With The Most Controversial Decision, Wilson Miscamble[1] (Univ. of Notre Dame) offers another installment in the prolonged, sometimes acrimonious debate over American use of the atomic bomb at the conclusion of the Second World War. In the summer of 1945, US officials were not agonizing about whether to use the bomb; it was simply axiomatic that, when it was ready, the new super weapon would be deployed against any remaining Axis opponents. Beyond sheer bureaucratic momentum for employing the fruits of the Manhattan Project, the war had inured Americans to enemy civilian casualties, particularly Japanese casualties, the result of a pervasive homicidal anger in the wake of Pearl Harbor, the Bataan Death March, and many other well-publicized Japanese atrocities. A postwar public opinion poll found that the overwhelming majority of Americans supported the use of atomic bombs against Japan, while a significant minority wished even more had been dropped.

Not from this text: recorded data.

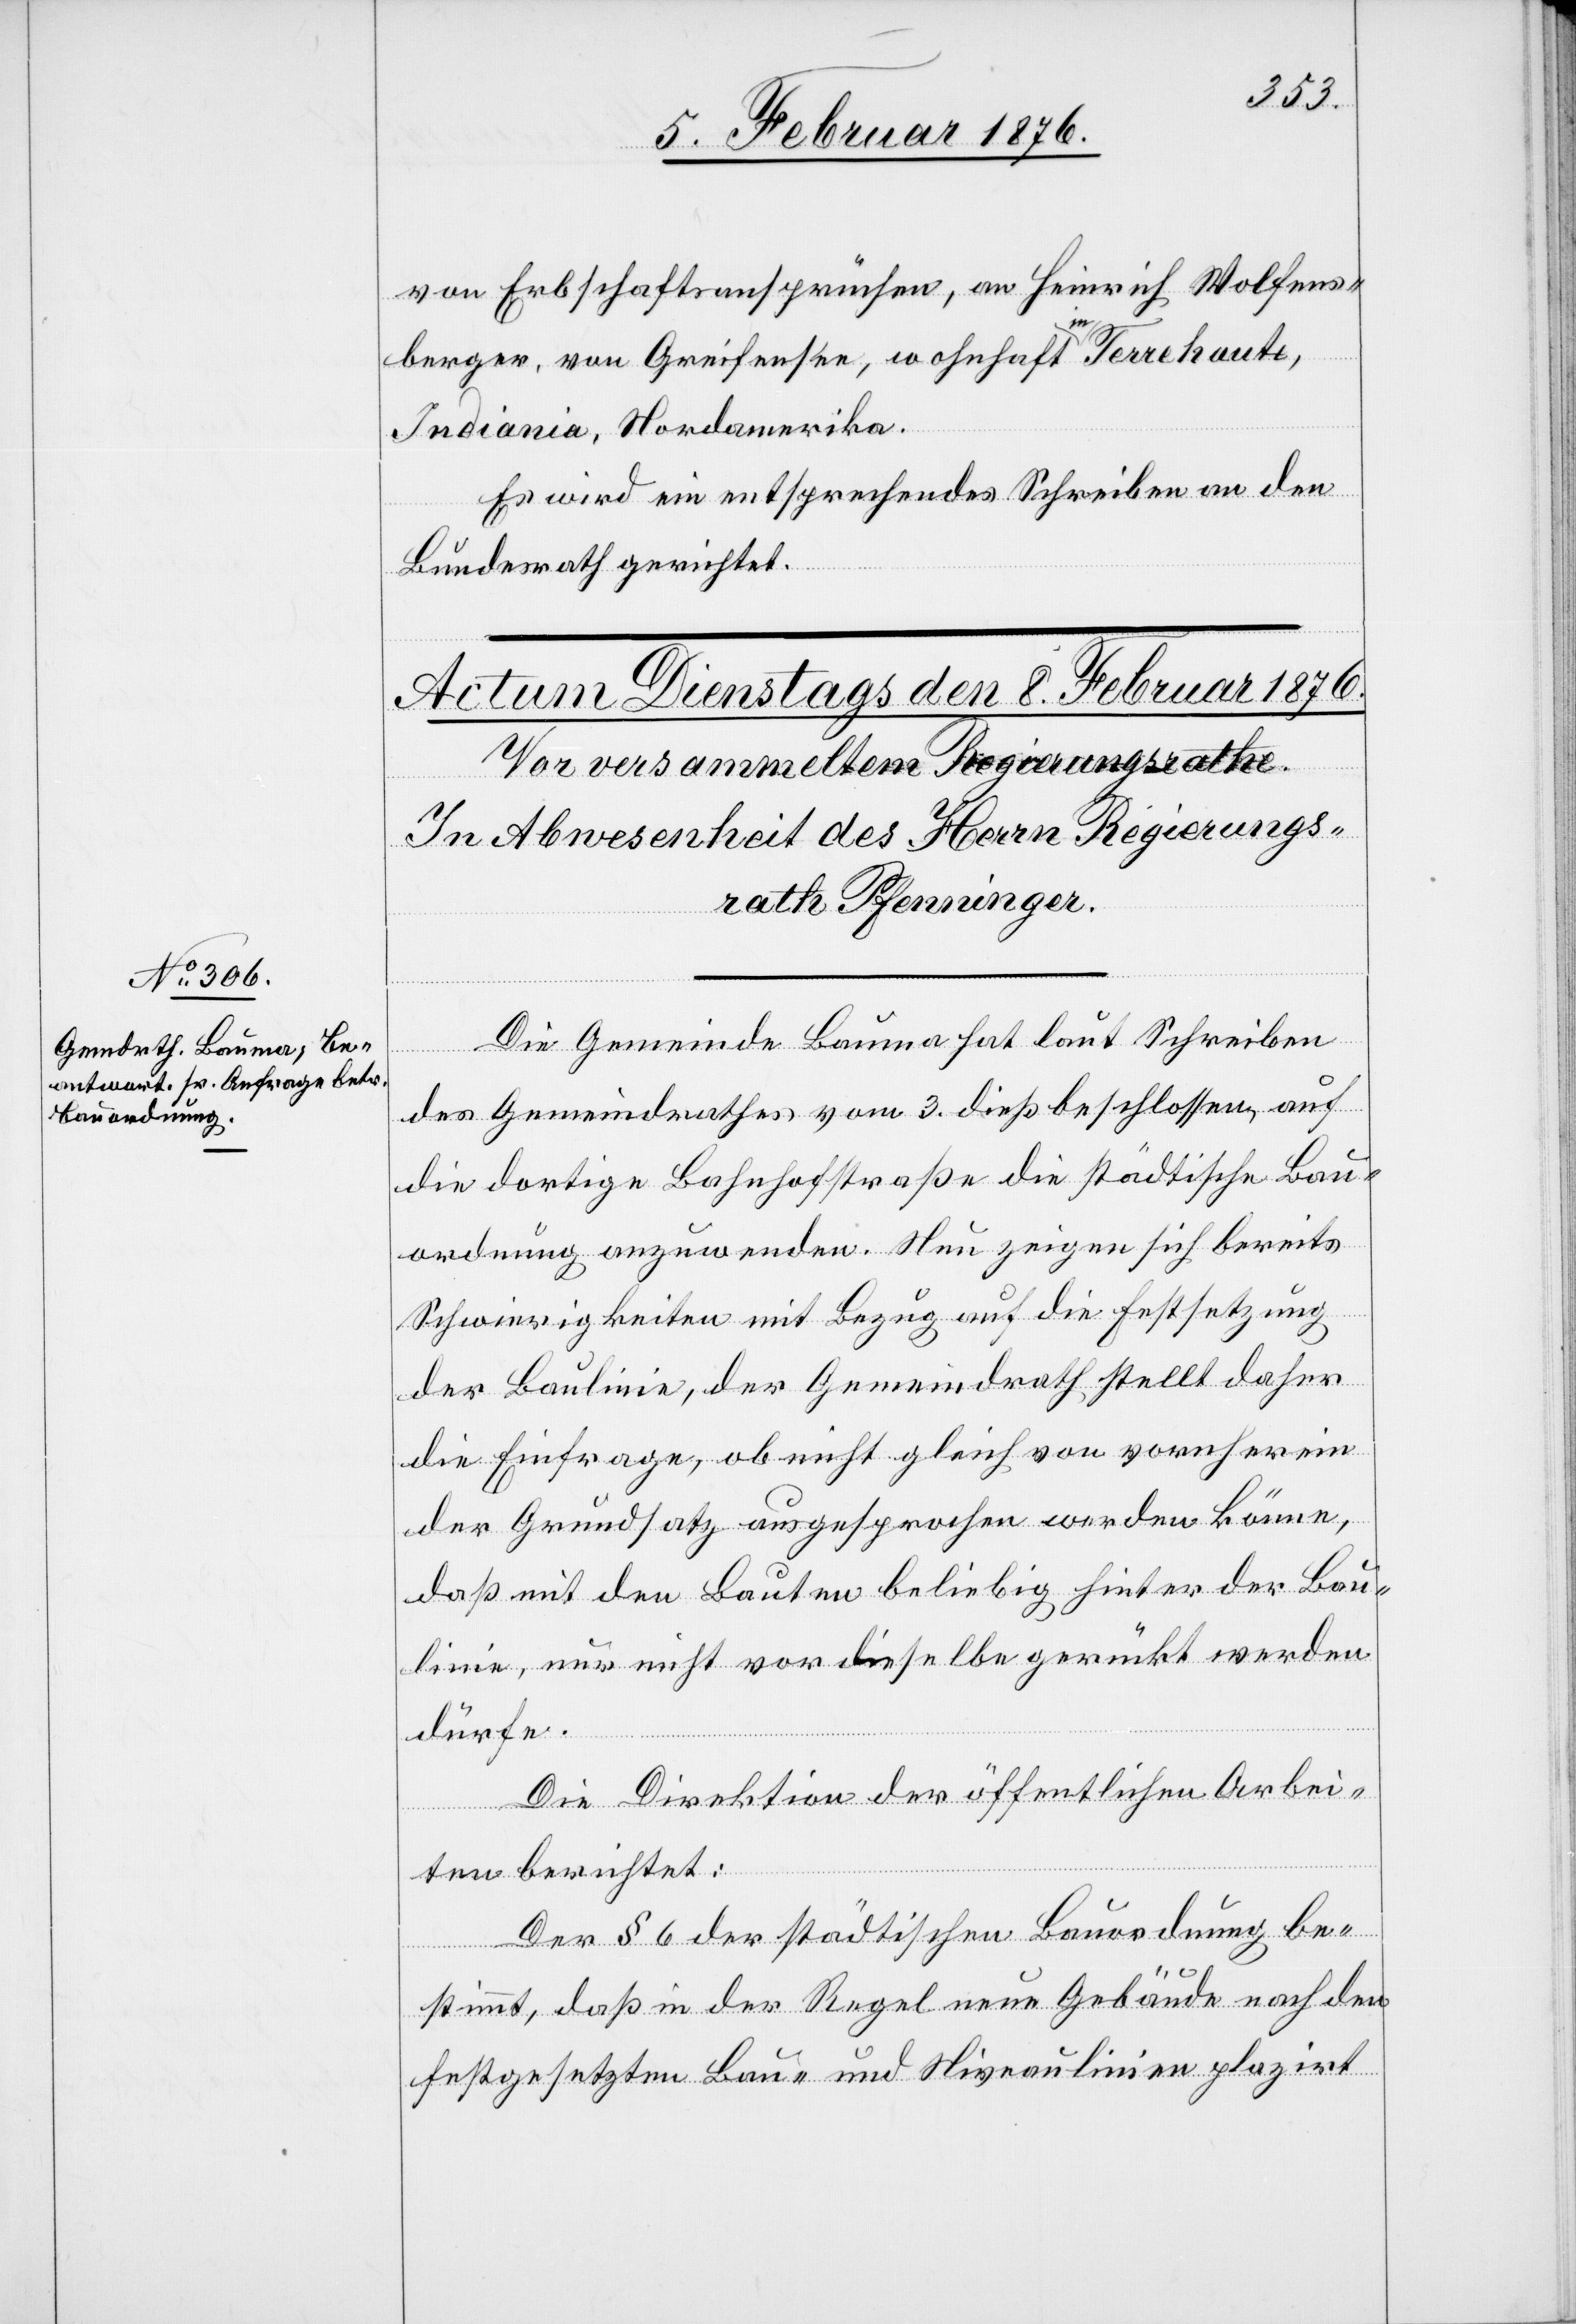
von Erbschaftsgesuchen, an Heinrich Wolfens¬
burger, von Greifensee, wohnhaft in Terrehaute,
Indiania, Nordamerika.
Es wird ein entsprechendes Schreiben an den
Bundesrath gerichtet.
Die Gemeinde Bauma hat laut Schreiben
des Gemeindrathes vom 3. dieß beschlossen, auf
die dortigen Bahnhofstraße die städtische Bau¬
ordnung anzuwenden. Nun zeigen sich bereits
Schwierigkeiten mit Bezug auf die Festsetzung
der Baulinie, der Gemeindrath stellt daher
die Einfrage, ob nicht gleich von vornherein
der Grundsatz ausgesprochen werden könne,
daß mit den Bauten beliebig hinter der Bau¬
linie, nur nicht vor dieselbe gerückt werden
dürfe.
Die Direktion der öffentlichen Arbei¬
ten berichtet:
Der § 6 der städtischen Bauordnung be¬
stimmt, daß in der Regel neue Gebäude nach der
festgesetzten Bau- und Niveaulinie platzirt

Only after the war and the unsettling realization of what the dawning nuclear era portended did a few US leaders (for example, General Dwight Eisenhower and Admiral William Leahy) express second thoughts about dropping "Little Boy" and "Fat Man." In contrast, President Harry Truman and Secretary of State James Byrnes published defenses of their actions, claiming the bombs had to be used to save a million or more American lives that might have been lost in an invasion of the Japanese home islands. This became the position of "orthodox" or "traditionalist" historiography.[2] Only in the 1960s did a "revisionist" tide roll in, most notably in the work of Gar Alperowitz.[3] Revisionists argue that use of the atomic bomb was unnecessary, because Japan was ready to surrender, if only the Allies would modify their unconditional surrender demands and leave the imperial institution and its current incumbent in place—a concession the Truman administration did subsequently grant. America used the bomb, Alperowitz contends, to intimidate its difficult Russian ally in a maneuver of atomic diplomacy. The battle between traditionalists and revisionists has raged ever since, both in academia and in the broader public arena, as evidenced by the uproar over the Smithsonian Enola Gay exhibit[4] and the ABC News documentary, "Hiroshima: Why the Bomb Was Dropped" (1995).[5]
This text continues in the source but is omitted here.